Est clairement montré du doigt, l’ennemi public numéro sur le terrain des pesticides : le glyphosate. Son interdiction avait été discutée devant le Parlement européen mais la Commission avait ré-autorisé pour cinq ans la molécule malgré son classement comme « cancérigène probable » par le centre international de recherche sur le cancer (CIRC) en 2015. Pour reprendre les mots d’Emmanuel Macron, « on n’y arrivera pas » à 100% en 3 ans. Par ses mots le message était très clair : l’interdiction du glyphosate selon Emmanuel Macron « tuerait notre agriculture ». Cet acte de parole s’est accompagné en mai 2018 d’un rejet par les députés Français d’un amendement visant à inscrire dans la loi l’interdiction du glyphosate avec des dérogations jusqu’en 2023. Si cette ICE est validée, l’Union devra donc répondre aux demandes des citoyens pour une agriculture sans pesticides de synthèse et respectueuse des abeilles, d’autant que cet objectif fait partie intégrante du pacte vert pour l’Europe.
La prise en compte de la biodiversité de plus en plus importante par les Etats membres et l’Europe
L’impulsion donnée par les Etats membres pour la préservation des abeilles remonte aux années 2000 par une affaire de la Cour de Justice, celle des "abeilles danoises". Le droit communautaire ne s’opposait pas à la législation danoise qui vise à protéger l’abeille brune de Læsø, menacée de disparition en cas de croisement avec d’autres races d’abeilles.

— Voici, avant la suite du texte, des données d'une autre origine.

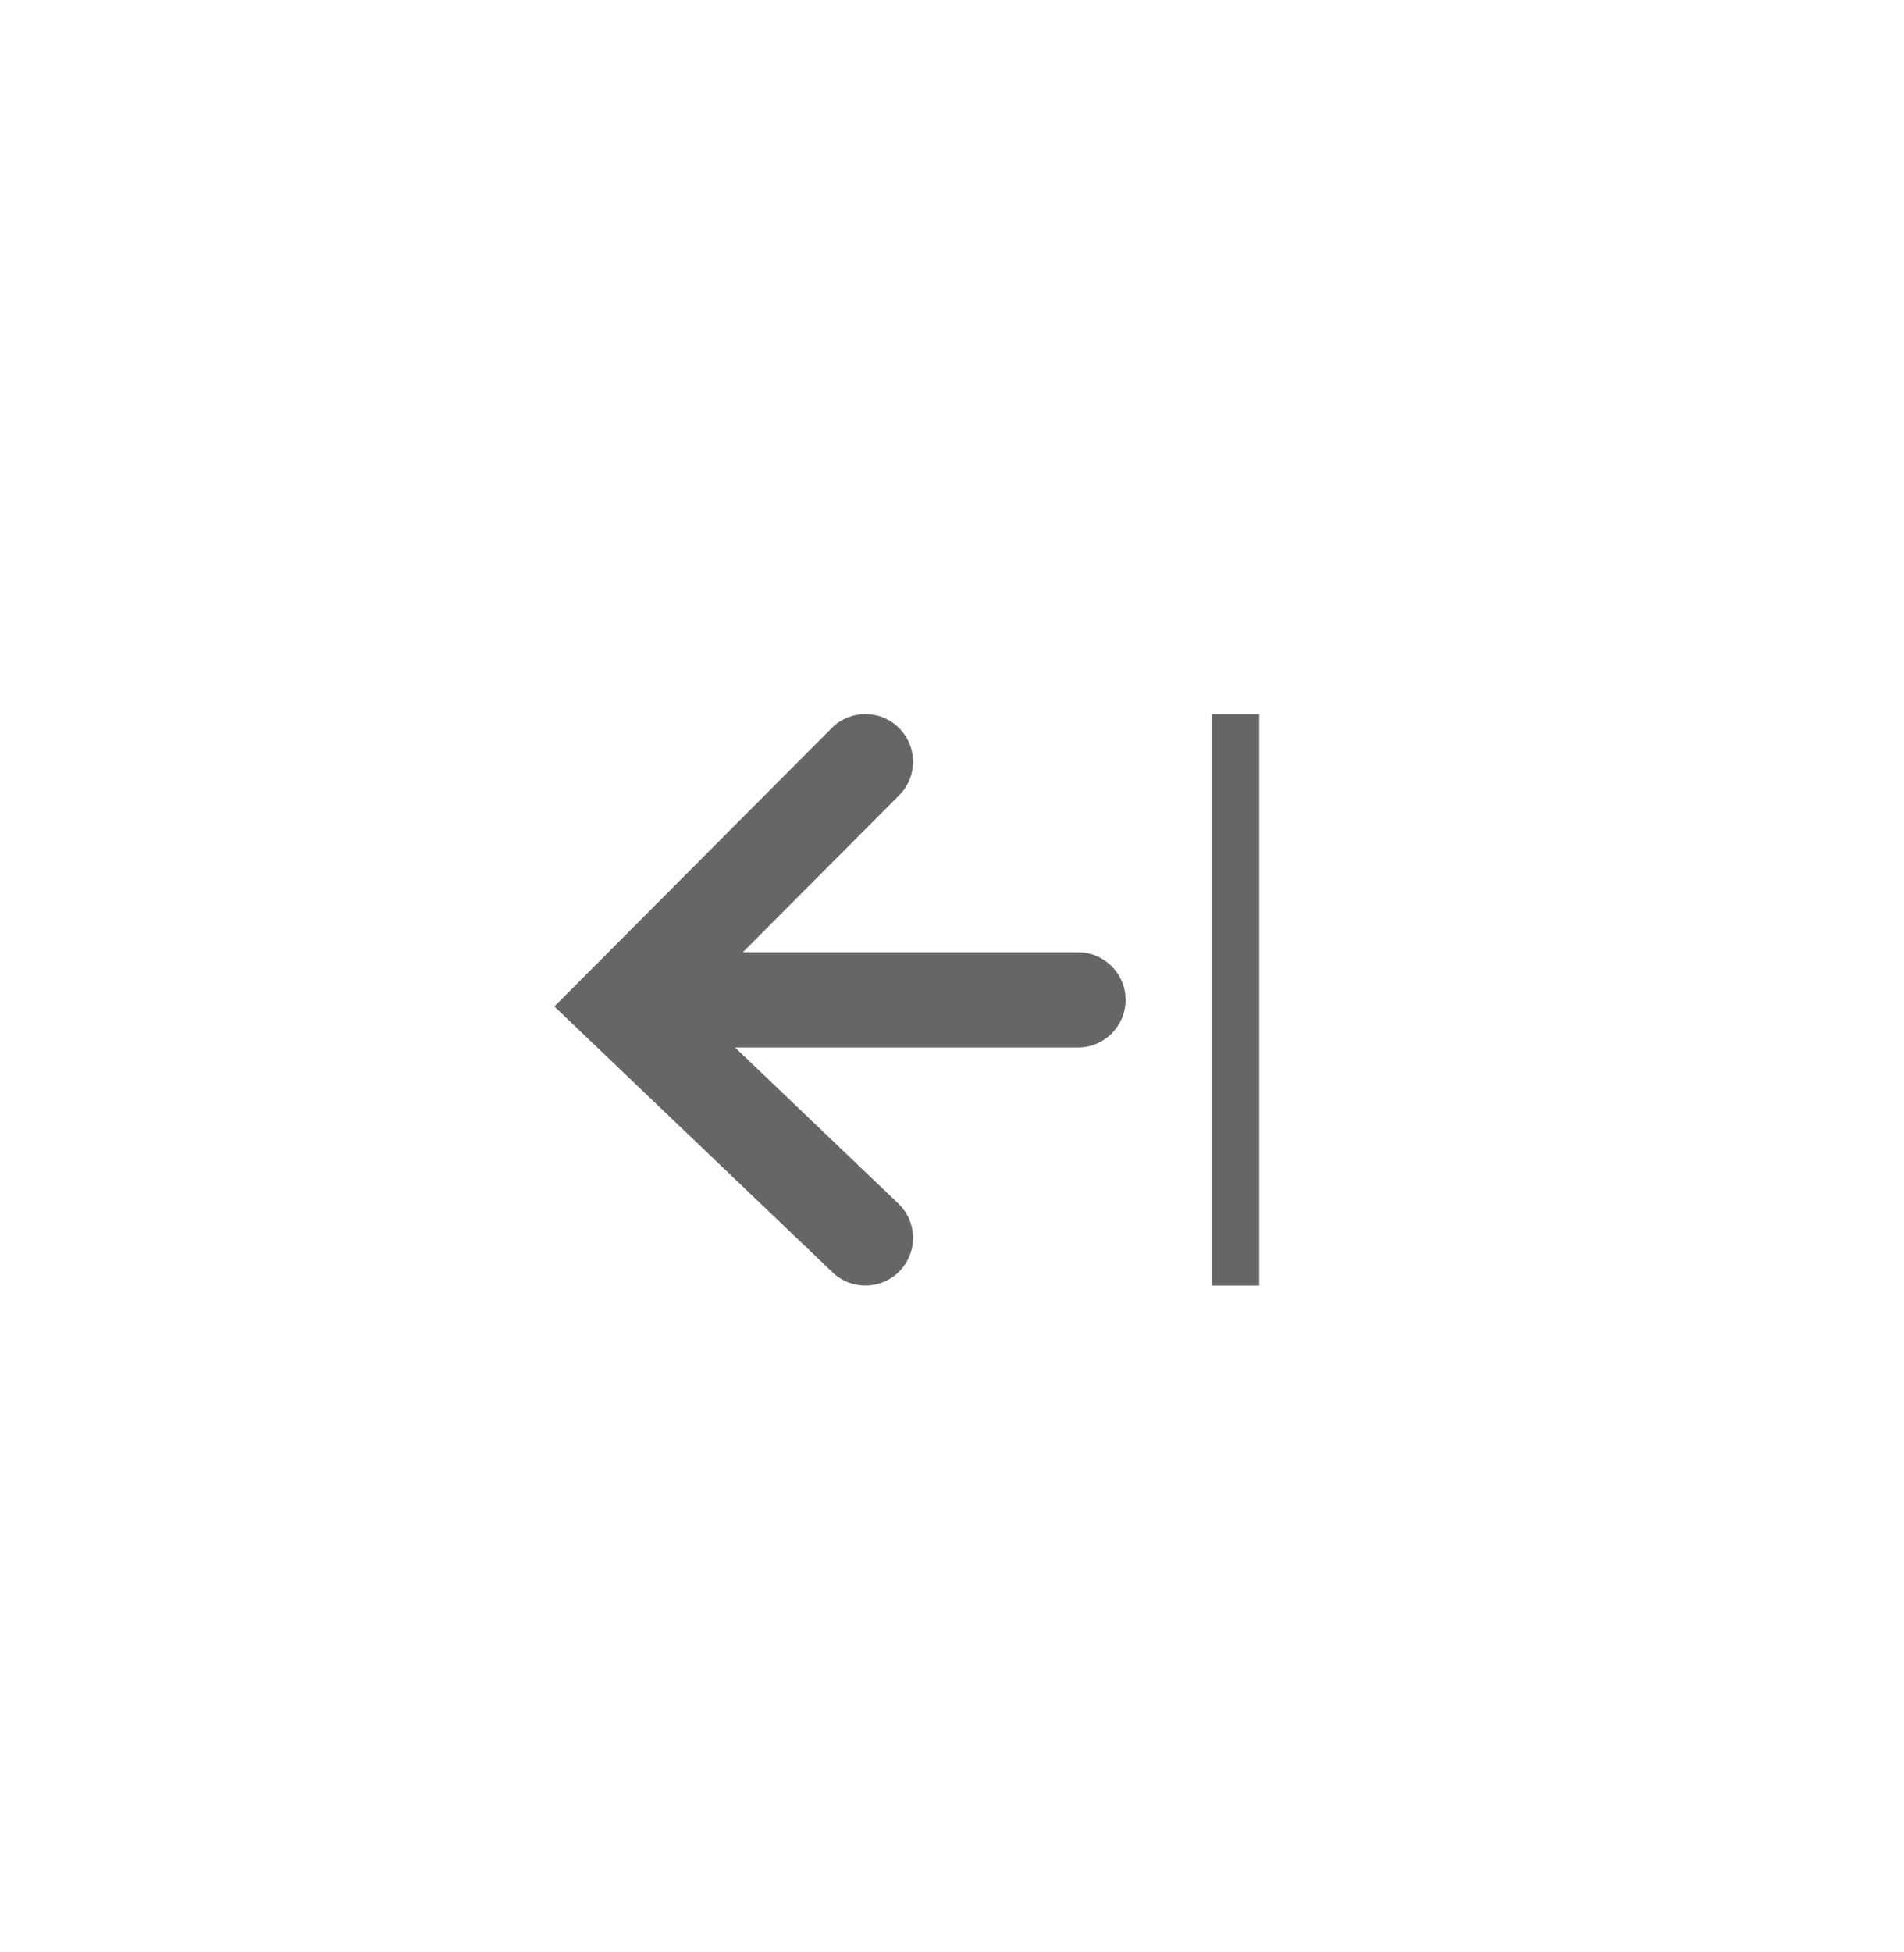 <svg width="40" height="41" viewBox="0 0 40 41" fill="none" xmlns="http://www.w3.org/2000/svg">
<path fill-rule="evenodd" clip-rule="evenodd" d="M18.89 16.702C19.28 16.311 19.279 15.678 18.887 15.288C18.496 14.898 17.863 14.899 17.473 15.29L12.367 20.413L11.646 21.136L12.385 21.842L17.491 26.72C17.89 27.102 18.523 27.087 18.904 26.688C19.286 26.289 19.272 25.656 18.872 25.274L15.442 21.997H22.647C23.199 21.997 23.647 21.549 23.647 20.997C23.647 20.445 23.199 19.997 22.647 19.997H15.606L18.89 16.702Z" fill="#666666"/>
<path d="M25.954 14.998V26.998" stroke="#666666"/>
</svg>

Afin de protéger une population indigène d’abeilles dans des zones spécifiques, un arrêté danois prévoyait que seules les abeilles butineuses de la sous-espèce Apis (abeille brune de Læsø) pouvaient être détenues sur l’île de Læsø et sur certaines îles environnantes. Cette réglementation interdisait également l’importation, à Læsø, d’abeilles domestiques vivantes et de substances sexuelles d’abeilles domestiques. Le Kriminalret i Fredsrikshavn (tribunal correctionnel) avait jugé une femme pour avoir détenu à Læsø d’autres abeilles que les abeilles brunes de Læsø. Considérant que la réglementation danoise entrave la libre circulation des marchandises, le Kriminalrat a donc décidé d’interroger la Cour sur la conformité de celle-ci avec le droit communautaire.
La Cour a tout d’abord relevé qu’en l’absence d’harmonisation des dispositions des États membres relatifs à la commercialisation des abeilles, les législations nationales restent applicables, dans le respect des dispositions des traités. La Cour admet que, par le biais de l’interdiction d’importer des abeilles sur l’île concernée, la législation en cause est en effet susceptible d’entraver le commerce entre États membres et constitue dès lors une mesure d’effet équivalant à une restriction quantitative. Elle reconnaît cependant que les mesures de préservation d’une population animale indigène qui présente des caractéristiques distinctes contribuent à maintenir la biodiversité en garantissant la subsistance de la population concernée.
L’environnement est concilié par le juge de l’Union dès les origines pour concilier les différents objectifs et a servi de pionnier pour la prise en compte d’autres éléments d’intérêts généraux (santé publique, protection des consommateurs).